Cause-specific cumulative incidence functions by age.
Note. Unadjusted cumulative incidence functions of kidney failure (left; solid line) and death (right; dashed line) across age category in years (shaded areas represent the 95% confidence interval for the fitted curves). CKD = chronic kidney disease.
Relationship Between Age and the HR of Kidney Failure
The best model performance was achieved by specifying spline functions of age with knots at 60, 75, and 90 years and their interactions with cardiovascular disease and baseline eGFR (eTable 3; Akaike information criterion = 90 369 vs 90 611 of a linear model, likelihood ratio test P < .01). According to this model, the hazard of kidney failure associated with older age declined in a nonlinear fashion across the age range. At an eGFR of 25 mL/min/1.73 m2, the HR of kidney failure associated with a 10-year increase in age decreased from 0.76 (95% confidence interval = 0.73-0.79) at age 50 years to 0.43 (95% confidence interval = 34-56) at age 80 years in people without cardiovascular disease, and from 0.75 (95% confidence interval = 0.70-0.79) to 0.36 (95% confidence interval = 0.29-0.45) in people with cardiovascular disease (Figure 3).
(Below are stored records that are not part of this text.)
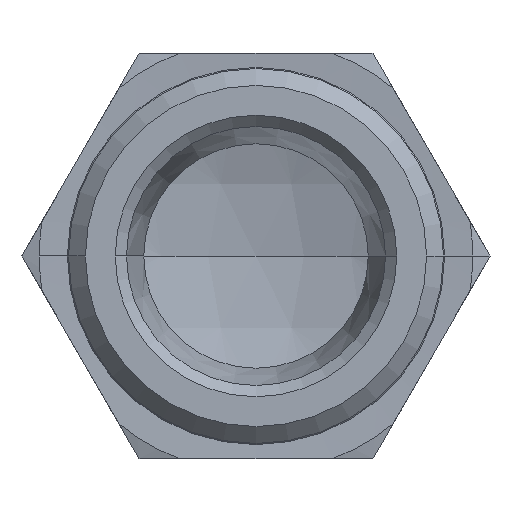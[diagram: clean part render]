
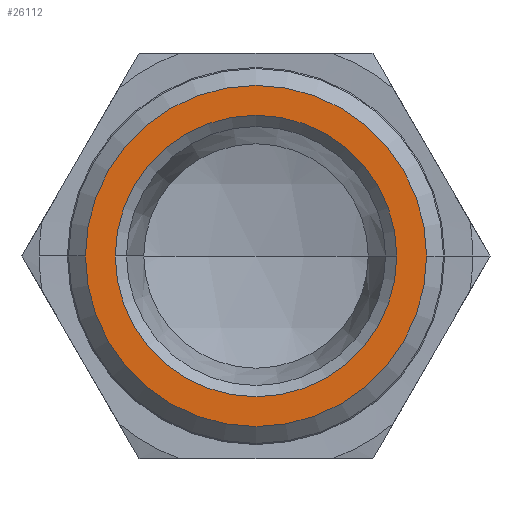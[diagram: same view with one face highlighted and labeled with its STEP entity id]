
A CAD part, front view. The second image highlights one B-rep face of the part: STEP entity #26112.
In plain terms, the highlighted planar face has unit normal (0, -1, 0).
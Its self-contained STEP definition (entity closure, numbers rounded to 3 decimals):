
#4598 = PLANE ( 'NONE',  #35067 ) ;
#5384 = DIRECTION ( 'NONE',  ( 0., 1., 0. ) ) ;
#7323 = FACE_BOUND ( 'NONE', #28534, .T. ) ;
#7424 = DIRECTION ( 'NONE',  ( 0., 0., 1. ) ) ;
#7698 = EDGE_CURVE ( 'NONE', #36123, #15659, #20003, .T. ) ;
#7701 = CARTESIAN_POINT ( 'NONE',  ( 12.5, -18., 0. ) ) ;
#7942 = DIRECTION ( 'NONE',  ( 0., 1., 0. ) ) ;
#8756 = CARTESIAN_POINT ( 'NONE',  ( 15.15, -18., 0. ) ) ;
#8839 = CIRCLE ( 'NONE', #16997, 15.15 ) ;
#9373 = DIRECTION ( 'NONE',  ( 0., 1., 0. ) ) ;
#10925 = EDGE_CURVE ( 'NONE', #35972, #19727, #16828, .T. ) ;
#12356 = CARTESIAN_POINT ( 'NONE',  ( -12.5, -18., 0. ) ) ;
#12534 = CARTESIAN_POINT ( 'NONE',  ( 0., -18., 0. ) ) ;
#12999 = EDGE_CURVE ( 'NONE', #15659, #36123, #8839, .T. ) ;
#14535 = AXIS2_PLACEMENT_3D ( 'NONE', #24762, #7942, #27557 ) ;
#15336 = DIRECTION ( 'NONE',  ( 1., 0., 0. ) ) ;
#15659 = VERTEX_POINT ( 'NONE', #8756 ) ;
#16828 = CIRCLE ( 'NONE', #24704, 12.5 ) ;
#16997 = AXIS2_PLACEMENT_3D ( 'NONE', #22170, #5384, #25016 ) ;
#19727 = VERTEX_POINT ( 'NONE', #7701 ) ;
#20003 = CIRCLE ( 'NONE', #14535, 15.15 ) ;
#20064 = CIRCLE ( 'NONE', #35273, 12.5 ) ;
#22170 = CARTESIAN_POINT ( 'NONE',  ( 0., -18., 0. ) ) ;
#24235 = DIRECTION ( 'NONE',  ( 0., 1., 0. ) ) ;
#24704 = AXIS2_PLACEMENT_3D ( 'NONE', #12534, #32124, #15336 ) ;
#24762 = CARTESIAN_POINT ( 'NONE',  ( 0., -18., 0. ) ) ;
#24900 = EDGE_CURVE ( 'NONE', #19727, #35972, #20064, .T. ) ;
#25016 = DIRECTION ( 'NONE',  ( 1., 0., 0. ) ) ;
#26112 = ADVANCED_FACE ( 'NONE', ( #7323, #28833 ), #4598, .F. ) ;
#26174 = CARTESIAN_POINT ( 'NONE',  ( 0., -18., 0. ) ) ;
#26922 = CARTESIAN_POINT ( 'NONE',  ( 31.177, -18., 18. ) ) ;
#27557 = DIRECTION ( 'NONE',  ( 1., 0., 0. ) ) ;
#28534 = EDGE_LOOP ( 'NONE', ( #33038, #30000 ) ) ;
#28833 = FACE_OUTER_BOUND ( 'NONE', #35393, .T. ) ;
#28994 = DIRECTION ( 'NONE',  ( 1., 0., 0. ) ) ;
#29846 = ORIENTED_EDGE ( 'NONE', *, *, #12999, .F. ) ;
#30000 = ORIENTED_EDGE ( 'NONE', *, *, #24900, .T. ) ;
#32124 = DIRECTION ( 'NONE',  ( 0., 1., 0. ) ) ;
#32371 = ORIENTED_EDGE ( 'NONE', *, *, #7698, .F. ) ;
#33038 = ORIENTED_EDGE ( 'NONE', *, *, #10925, .T. ) ;
#35067 = AXIS2_PLACEMENT_3D ( 'NONE', #26922, #24235, #7424 ) ;
#35273 = AXIS2_PLACEMENT_3D ( 'NONE', #26174, #9373, #28994 ) ;
#35393 = EDGE_LOOP ( 'NONE', ( #29846, #32371 ) ) ;
#35643 = CARTESIAN_POINT ( 'NONE',  ( -15.15, -18., 0. ) ) ;
#35972 = VERTEX_POINT ( 'NONE', #12356 ) ;
#36123 = VERTEX_POINT ( 'NONE', #35643 ) ;

Except for people with eGFR as low as 15 mL/min/1.73 m2, the HR of kidney failure for a 10-year increase in age decreased with advancing age, especially in the presence of cardiovascular disease and with higher eGFR (Figure 4). With eGFR between 25 and 30 mL/min/1.73 m2, the HR decline associated with older age became steeper earlier in life.
Figure 3.
Association between older age and outcomes at 4 prespecified ages.
Note. Adjusted hazard ratios of kidney failure and death (eTable 3) associated with 10-year increment at ages 50, 60, 70, and 80 years, by the presence and absence of cardiovascular disease assuming an estimated glomerular filtration rate of 25 mL/min/1.73 m2. 95% CI indicates 95% confidence interval; CV+/CV– indicates with/without cardiovascular disease.
Figure 4.
Association between older age and kidney failure across the age range.
Note. Adjusted hazard ratios of kidney failure associated with 10-year age increment across continuous age values (eTable 3). Curves are estimated at prespecified eGFR (eGFR in mL/min/1.73 m2). CV+/CV– indicates with/without cardiovascular disease. eGFR = estimated glomerular filtration rate.
Relationship Between Age and the HR of Death
The increase in the HR of death associated with each 10-year increment in age was more pronounced in people without cardiovascular disease who had lower underlying risk of death (eFigure 5). The hazard of death increased in a nonlinear fashion with advancing age and varied by levels of eGFR and presence versus absence of cardiovascular disease (eFigure 6). eFigures 7 and 8 show the superior performance of the spline model, which assumes varying HRs with advancing age, as compared with the linear model, which assumes constant HRs as age varies.
Other Analyses
When we modeled the relationship between age and kidney failure or death using regression model of Fine and Gray, we found similar results (eFigure 9). These models included additional interaction terms to satisfy the proportionality assumption on the subhazard scale (eTable 4). We obtained similar results when we defined kidney failure as initiation of renal replacement or occurrence of sustained eGFR<10 mL/min/1.73 m2 (eFigure 10), receipt of a kidney transplant or registration in the provincial database of chronic dialysis (eFigure 11), or initiation of renal replacement or occurrence of moving average eGFR <15 mL/min/1.73 m2 (eFigure 12). Although the form of the relationship between age and kidney failure remained nonlinear when kidney failure was defined as start of renal replacement, the decline in the hazard with older age was more pronounced. For example, when kidney failure was defined as initiation of renal replacement or eGFR <10, the HR for an 85-year-old versus a 75-year-old was 0.5 and 0.7 in the presence and absence of cardiovascular disease, respectively, assuming an eGFR of 20 mL/min/1.73 m2. Corresponding HRs for renal replacement were 0.3 and 0.4, respectively. Model assumptions were met in all models (eFigures 13-16).
Discussion
In this population-based study, we found that in people with G4 CKD, the relationship between age and kidney failure was not constant but varied depending on age. While the direction of the relationship we found is consistent with existing studies, that is, there is an inverse association between age and kidney failure, our data do not support the linear relationship existing studies assume. The magnitude of the decline in the hazard of kidney failure for a given increment in age was larger with advancing age, regardless of other clinical characteristics. Similarly, the relationship between age and death was nonlinear as people aged. The magnitude of the increase in the hazard of death for a given increment in age was larger with advancing age. We also found that levels of eGFR and history of cardiovascular disease modify these relationships. At higher eGFR or in the presence of cardiovascular disease, age-dependent changes in the HR were larger than at lower eGFR levels or in the absence of cardiovascular disease. These findings have implications for accurate risk prediction given the large representation of older adults with severe CKD.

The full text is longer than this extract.